◆ **Task prompt**: Pictures aside, restate the records below exactly as written.

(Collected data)
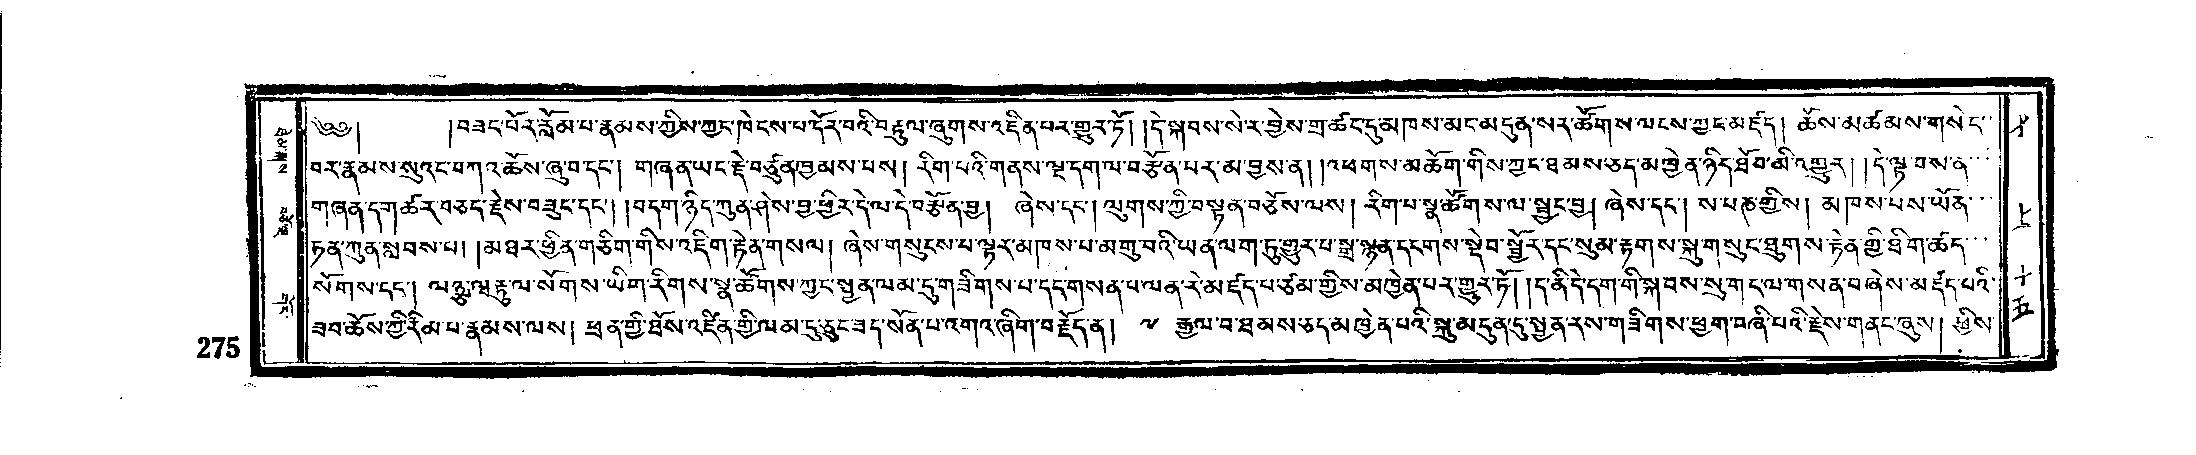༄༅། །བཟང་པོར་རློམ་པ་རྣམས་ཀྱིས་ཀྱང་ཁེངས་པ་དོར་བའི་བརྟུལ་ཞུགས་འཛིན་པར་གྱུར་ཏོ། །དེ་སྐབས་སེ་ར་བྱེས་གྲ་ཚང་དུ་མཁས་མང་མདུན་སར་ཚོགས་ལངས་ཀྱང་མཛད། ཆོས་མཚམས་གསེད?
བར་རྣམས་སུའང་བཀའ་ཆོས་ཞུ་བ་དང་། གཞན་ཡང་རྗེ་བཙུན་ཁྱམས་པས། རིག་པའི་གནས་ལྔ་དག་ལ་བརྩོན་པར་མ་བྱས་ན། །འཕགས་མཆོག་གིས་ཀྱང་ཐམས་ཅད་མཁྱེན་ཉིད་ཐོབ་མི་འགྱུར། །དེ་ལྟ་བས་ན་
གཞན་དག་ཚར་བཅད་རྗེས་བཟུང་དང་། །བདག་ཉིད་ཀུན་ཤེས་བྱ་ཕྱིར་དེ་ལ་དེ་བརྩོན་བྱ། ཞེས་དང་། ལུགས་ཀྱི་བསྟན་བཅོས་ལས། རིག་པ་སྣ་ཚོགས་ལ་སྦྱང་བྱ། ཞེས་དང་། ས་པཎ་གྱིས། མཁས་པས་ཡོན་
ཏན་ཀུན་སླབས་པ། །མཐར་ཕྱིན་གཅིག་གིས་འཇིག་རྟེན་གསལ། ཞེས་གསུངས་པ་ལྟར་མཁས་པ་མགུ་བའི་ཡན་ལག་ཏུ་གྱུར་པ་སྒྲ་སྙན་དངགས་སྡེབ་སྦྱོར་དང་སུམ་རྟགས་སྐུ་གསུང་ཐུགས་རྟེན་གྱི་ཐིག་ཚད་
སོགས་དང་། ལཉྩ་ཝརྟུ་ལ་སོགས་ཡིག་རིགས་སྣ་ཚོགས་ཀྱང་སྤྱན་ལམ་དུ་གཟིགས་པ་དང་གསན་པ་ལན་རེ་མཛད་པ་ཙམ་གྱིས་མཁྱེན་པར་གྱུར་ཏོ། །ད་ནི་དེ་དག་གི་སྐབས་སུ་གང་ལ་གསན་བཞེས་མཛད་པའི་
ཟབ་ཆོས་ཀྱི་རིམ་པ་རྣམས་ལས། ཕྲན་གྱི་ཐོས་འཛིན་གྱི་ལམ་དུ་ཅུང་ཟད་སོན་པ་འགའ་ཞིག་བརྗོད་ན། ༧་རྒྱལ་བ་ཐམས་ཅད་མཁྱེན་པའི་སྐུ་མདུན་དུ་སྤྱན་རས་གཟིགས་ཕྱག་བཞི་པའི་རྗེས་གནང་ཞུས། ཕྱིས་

◆ **Final answer**:
༄༅། །བཟང་པོར་རློམ་པ་རྣམས་ཀྱིས་ཀྱང་ཁེངས་པ་དོར་བའི་བརྟུལ་ཞུགས་འཛིན་པར་གྱུར་ཏོ། །དེ་སྐབས་སེ་ར་བྱེས་གྲ་ཚང་དུ་མཁས་མང་མདུན་སར་ཚོགས་ལངས་ཀྱང་མཛད། ཆོས་མཚམས་གསེད?
བར་རྣམས་སུའང་བཀའ་ཆོས་ཞུ་བ་དང་། གཞན་ཡང་རྗེ་བཙུན་ཁྱམས་པས། རིག་པའི་གནས་ལྔ་དག་ལ་བརྩོན་པར་མ་བྱས་ན། །འཕགས་མཆོག་གིས་ཀྱང་ཐམས་ཅད་མཁྱེན་ཉིད་ཐོབ་མི་འགྱུར། །དེ་ལྟ་བས་ན་
གཞན་དག་ཚར་བཅད་རྗེས་བཟུང་དང་། །བདག་ཉིད་ཀུན་ཤེས་བྱ་ཕྱིར་དེ་ལ་དེ་བརྩོན་བྱ། ཞེས་དང་། ལུགས་ཀྱི་བསྟན་བཅོས་ལས། རིག་པ་སྣ་ཚོགས་ལ་སྦྱང་བྱ། ཞེས་དང་། ས་པཎ་གྱིས། མཁས་པས་ཡོན་
ཏན་ཀུན་སླབས་པ། །མཐར་ཕྱིན་གཅིག་གིས་འཇིག་རྟེན་གསལ། ཞེས་གསུངས་པ་ལྟར་མཁས་པ་མགུ་བའི་ཡན་ལག་ཏུ་གྱུར་པ་སྒྲ་སྙན་དངགས་སྡེབ་སྦྱོར་དང་སུམ་རྟགས་སྐུ་གསུང་ཐུགས་རྟེན་གྱི་ཐིག་ཚད་
སོགས་དང་། ལཉྩ་ཝརྟུ་ལ་སོགས་ཡིག་རིགས་སྣ་ཚོགས་ཀྱང་སྤྱན་ལམ་དུ་གཟིགས་པ་དང་གསན་པ་ལན་རེ་མཛད་པ་ཙམ་གྱིས་མཁྱེན་པར་གྱུར་ཏོ། །ད་ནི་དེ་དག་གི་སྐབས་སུ་གང་ལ་གསན་བཞེས་མཛད་པའི་
ཟབ་ཆོས་ཀྱི་རིམ་པ་རྣམས་ལས། ཕྲན་གྱི་ཐོས་འཛིན་གྱི་ལམ་དུ་ཅུང་ཟད་སོན་པ་འགའ་ཞིག་བརྗོད་ན། ༧་རྒྱལ་བ་ཐམས་ཅད་མཁྱེན་པའི་སྐུ་མདུན་དུ་སྤྱན་རས་གཟིགས་ཕྱག་བཞི་པའི་རྗེས་གནང་ཞུས། ཕྱིས་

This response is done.